• **EXERCISE GOAL**:
Your copy of the data below must be exact and must leave out all pictures.

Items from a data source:
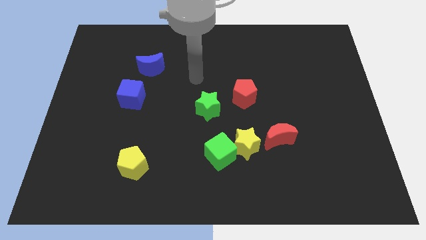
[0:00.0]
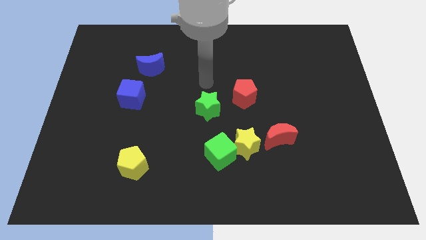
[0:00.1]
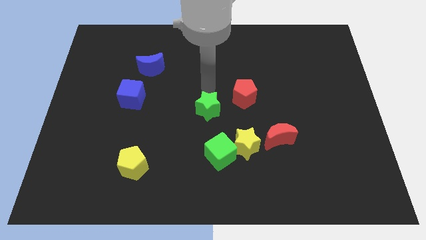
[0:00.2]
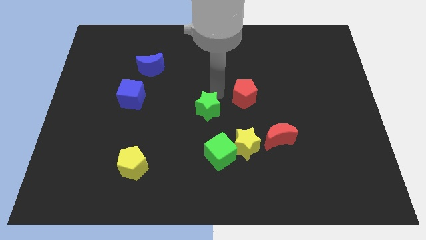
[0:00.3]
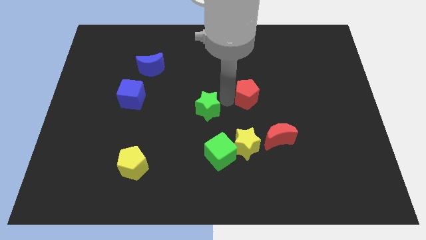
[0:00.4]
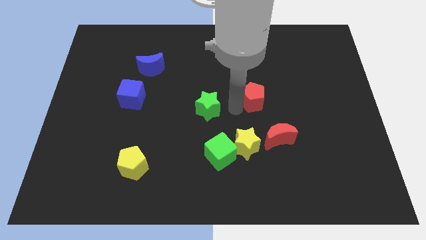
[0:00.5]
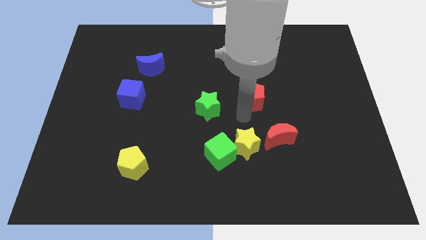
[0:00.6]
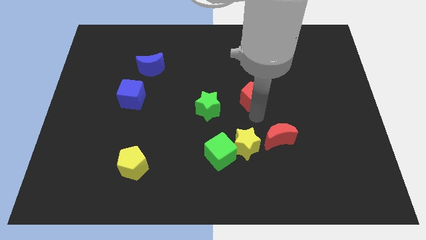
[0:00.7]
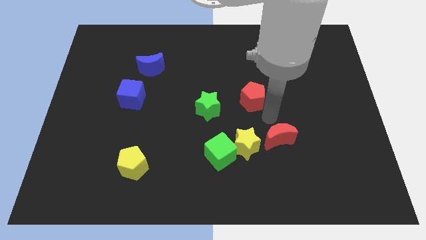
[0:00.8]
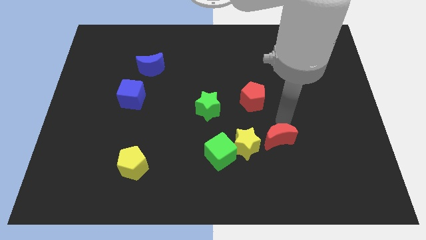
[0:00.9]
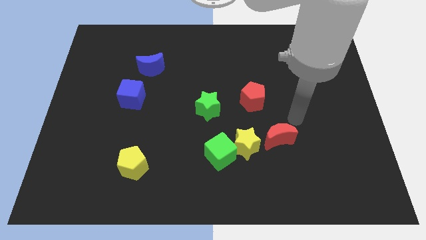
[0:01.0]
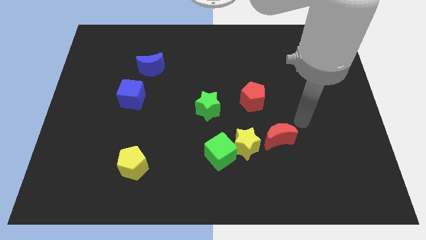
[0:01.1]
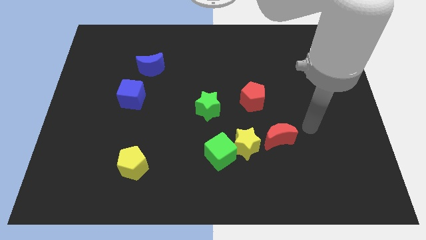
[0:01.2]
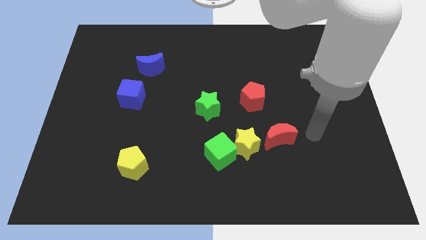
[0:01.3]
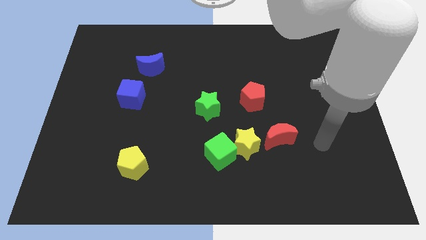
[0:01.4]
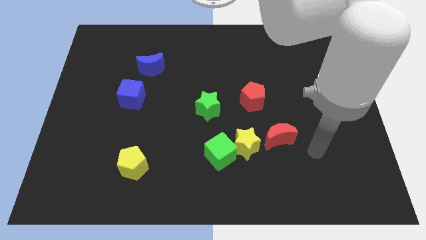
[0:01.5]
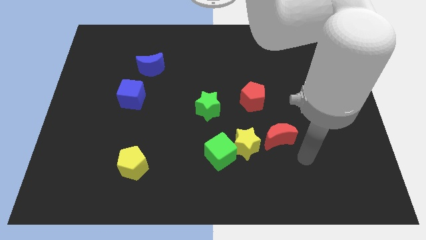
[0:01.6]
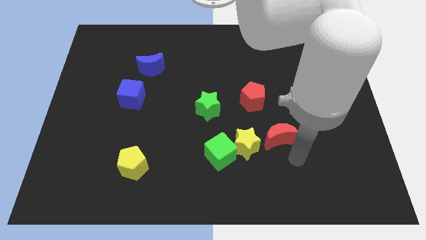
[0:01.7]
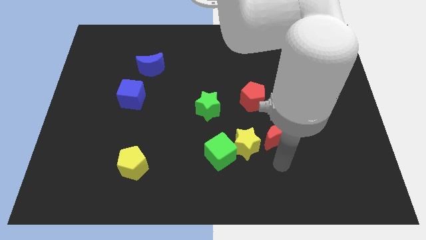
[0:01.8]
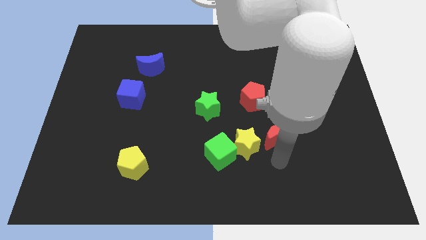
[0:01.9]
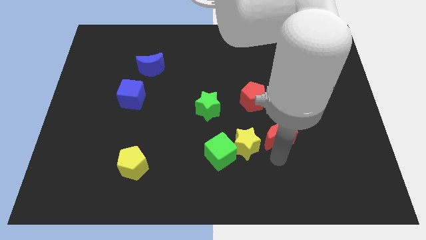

• **TASK RESPONSE**:
[0:00.0]
[0:00.1]
[0:00.2]
[0:00.3]
[0:00.4]
[0:00.5]
[0:00.6]
[0:00.7]
[0:00.8]
[0:00.9]
[0:01.0]
[0:01.1]
[0:01.2]
[0:01.3]
[0:01.4]
[0:01.5]
[0:01.6]
[0:01.7]
[0:01.8]
[0:01.9]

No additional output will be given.